Immune cells in the tumor microenvironment (TME) play a critical role in regulating tumor development and response to targeted immunotherapy. While it is well-accepted that clear cell renal carcinoma (ccRCC) is characterized by a T-cell infiltrate, differential activation states within the tumor and the contribution of other immunomodulatory cells remain relatively unexplored. We sequenced approximately 30,000 immune cells at the single-cell level from tumor and matched adjacent normal tissue in ccRCC patients. With a median of 3300 Unique Molecular Identifiers (UMIs)/cell, we were able to capture the expression of 1000 genes per cell on average and 21,000 genes across all cells from each patient. We used Multidimensional Scaling (MDS) -transformation to visualize the various clusters and found that the tumor and adjacent normal tissue were distinct, with each having two major sub-clusters - lymphoid and myeloid cells. The data demonstrated a higher fraction of lymphoid infiltrate(~70-75%) than myeloid in a relatively stable ratio across patients, with tumor containing a slightly higher fraction of lymphoid cells. The normal and tumor cell subtypes were distinguished by multiple iterations of PAM clustering (Partitioning Around Mediods) with feature selection using the iterClust algorithm. Top differentially expressed genes in each cluster were identified and cross-referenced with known immune cell markers along with pathway enrichment analysis for cell typing. Among the tumor lymphoid population, genes specific for T-cells, including markers of functional exhaustion were the most highly expressed. A separate sub-cluster of cells consistent with cytotoxic T and/or NK cells was also identified. We found a distinct population of monocytes within the myeloid cluster that was present exclusively in the tumor tissue. This population expressed high levels of complement factors C1QA, C1QB, C1QC, as well as ApoE. The latter has been implicated as a driver of myeloid cell immunosuppression, indicating a possible regulatory role in the TME of ccRCC that has not previously been described. The phenotype of the immune cell populations in tumor was further validated by spectral flow cytometry. This study demonstrates relative abundance of cell types in the immune microenvironment within ccRCC tumors and also identifies a novel C1Q-high myeloid sub-population specific to the tumor, suggesting its possible role in RCC tumorigenesis or progression.

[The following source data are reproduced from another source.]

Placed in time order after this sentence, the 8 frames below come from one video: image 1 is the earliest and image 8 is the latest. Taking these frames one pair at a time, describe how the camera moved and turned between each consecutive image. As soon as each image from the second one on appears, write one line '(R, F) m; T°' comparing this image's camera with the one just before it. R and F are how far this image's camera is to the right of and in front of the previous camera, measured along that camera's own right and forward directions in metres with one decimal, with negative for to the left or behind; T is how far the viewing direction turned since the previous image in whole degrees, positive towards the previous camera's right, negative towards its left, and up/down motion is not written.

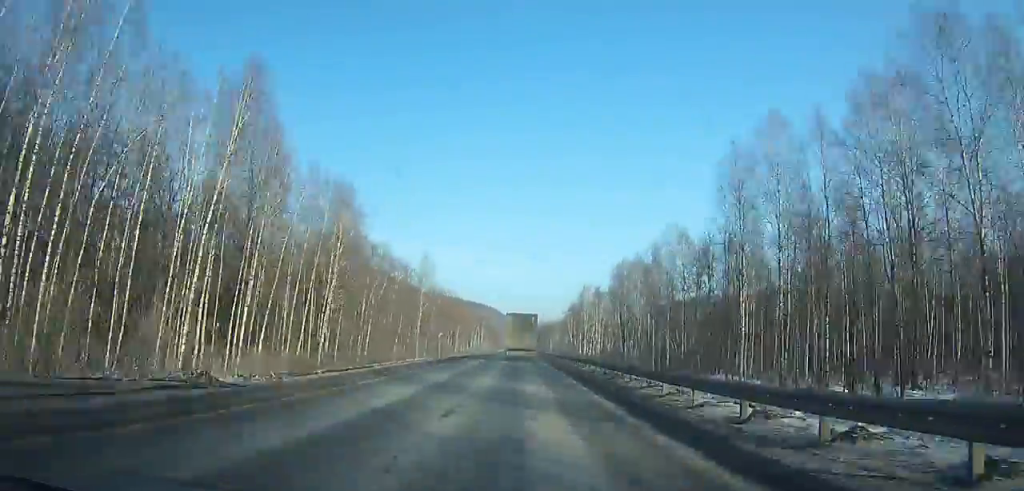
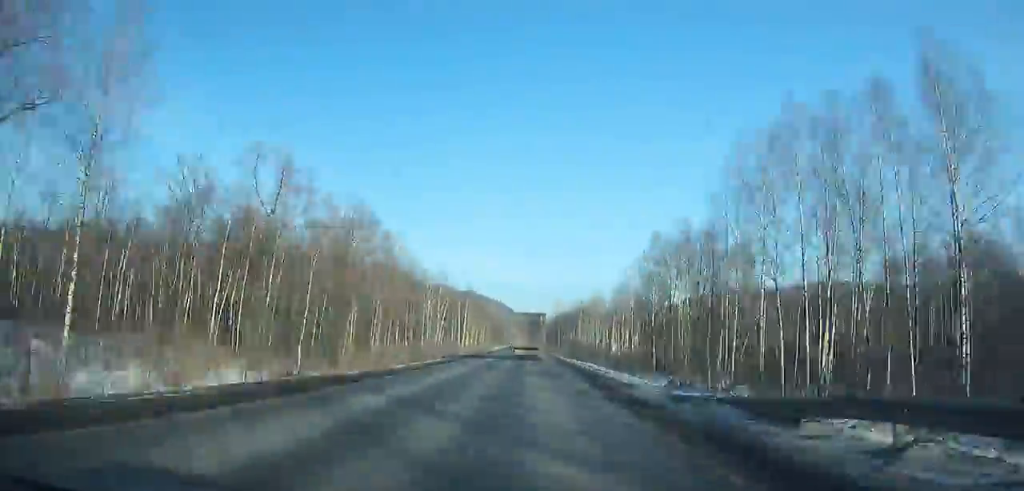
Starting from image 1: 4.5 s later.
(-0.4, +110.2) m; 0°
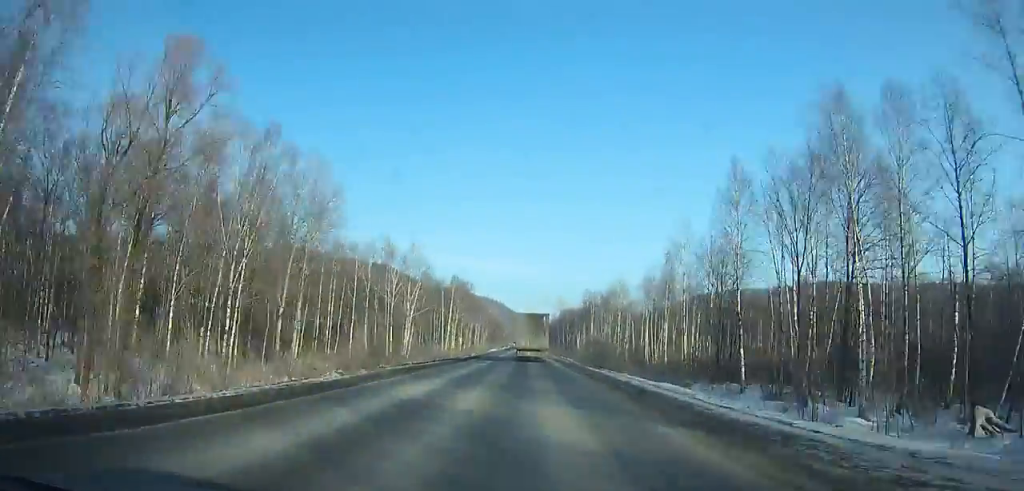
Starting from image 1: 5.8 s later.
(0.0, +31.9) m; 0°
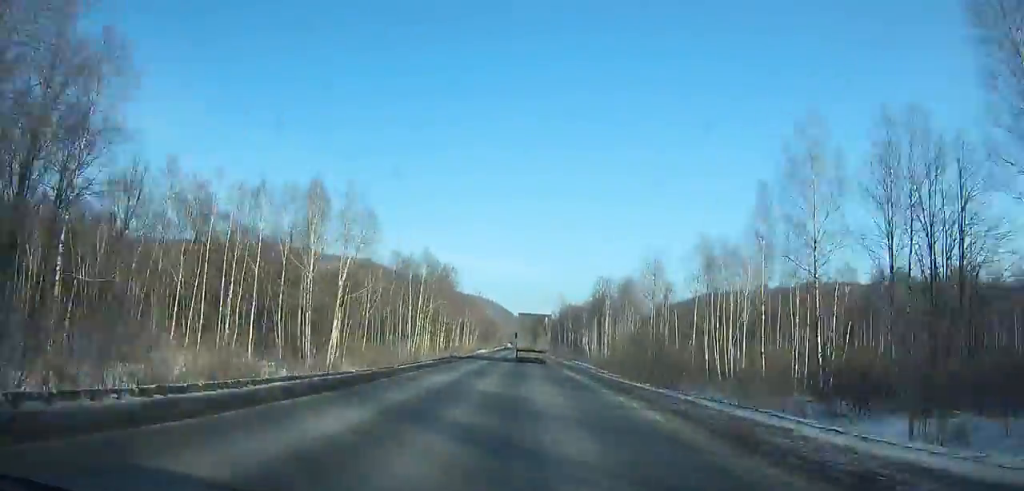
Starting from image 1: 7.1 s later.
(0.0, +31.9) m; 0°
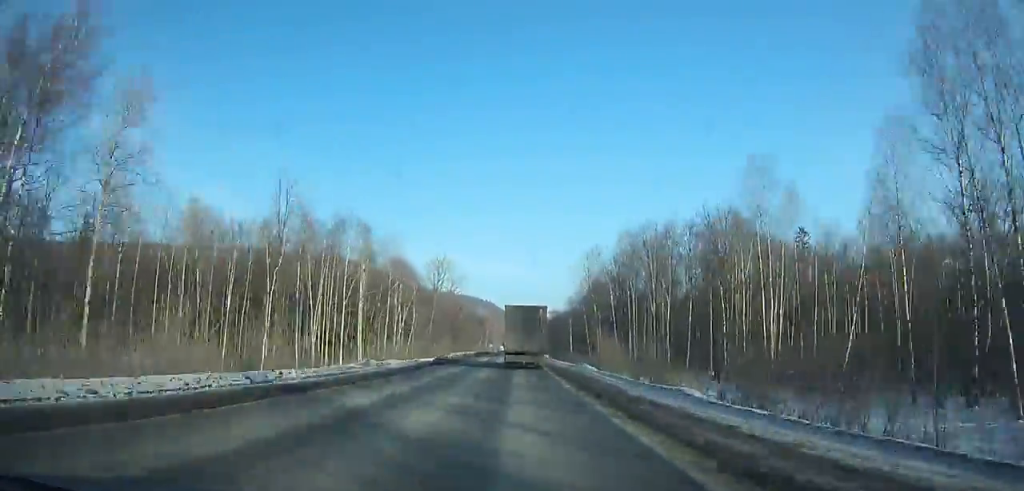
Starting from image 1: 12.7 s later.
(+0.3, +136.0) m; 0°
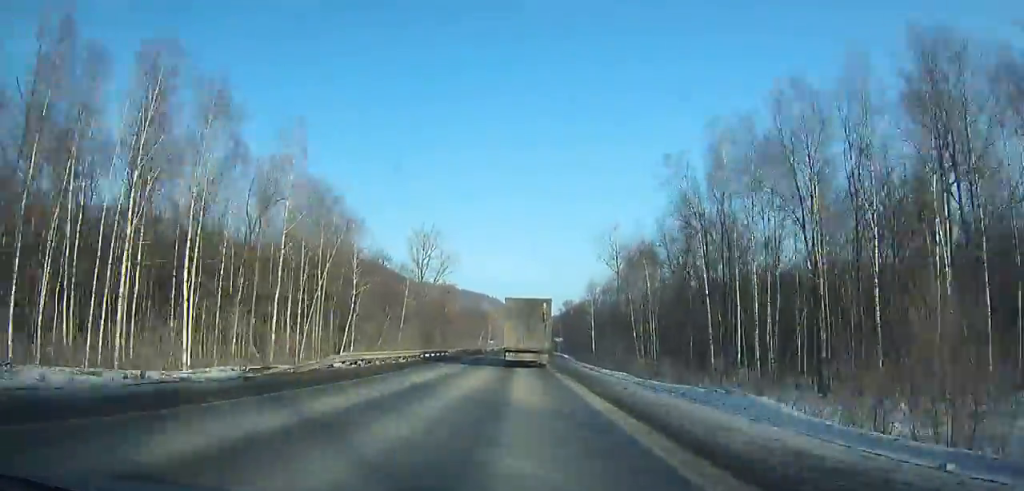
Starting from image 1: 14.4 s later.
(-0.2, +39.9) m; 0°
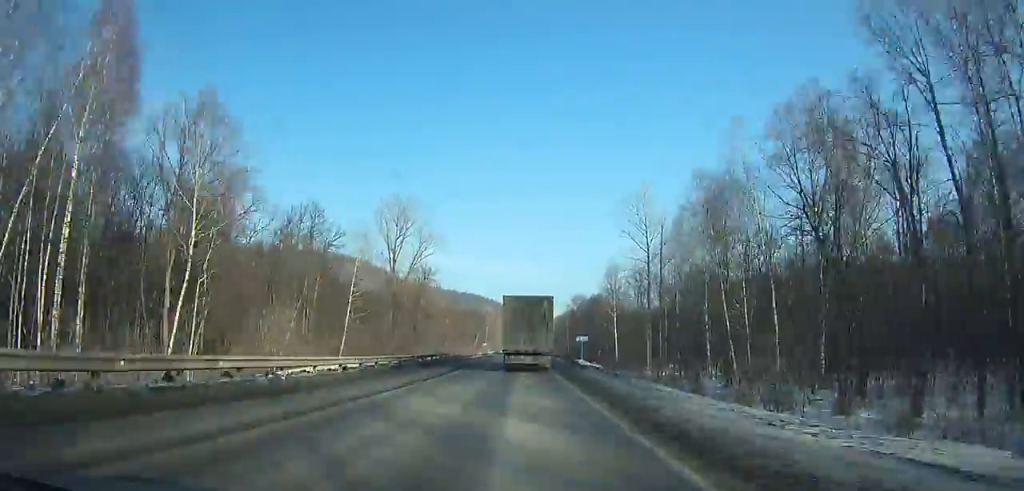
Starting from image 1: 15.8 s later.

Citation Format: Nivedita Chowdhury, Aleksandar Obradovic, David Aggen, Vinson Wang, Xinzheng Guo, Guarionex J. DeCastro, Hongxu Ding, Andrea Califano, Charles G. Drake. Decoding the immunologic landscape of human clear cell renal carcinoma [abstract]. In: Proceedings of the American Association for Cancer Research Annual Meeting 2019; 2019 Mar 29-Apr 3; Atlanta, GA. Philadelphia (PA): AACR; Cancer Res 2019;79(13 Suppl):Abstract nr 1476.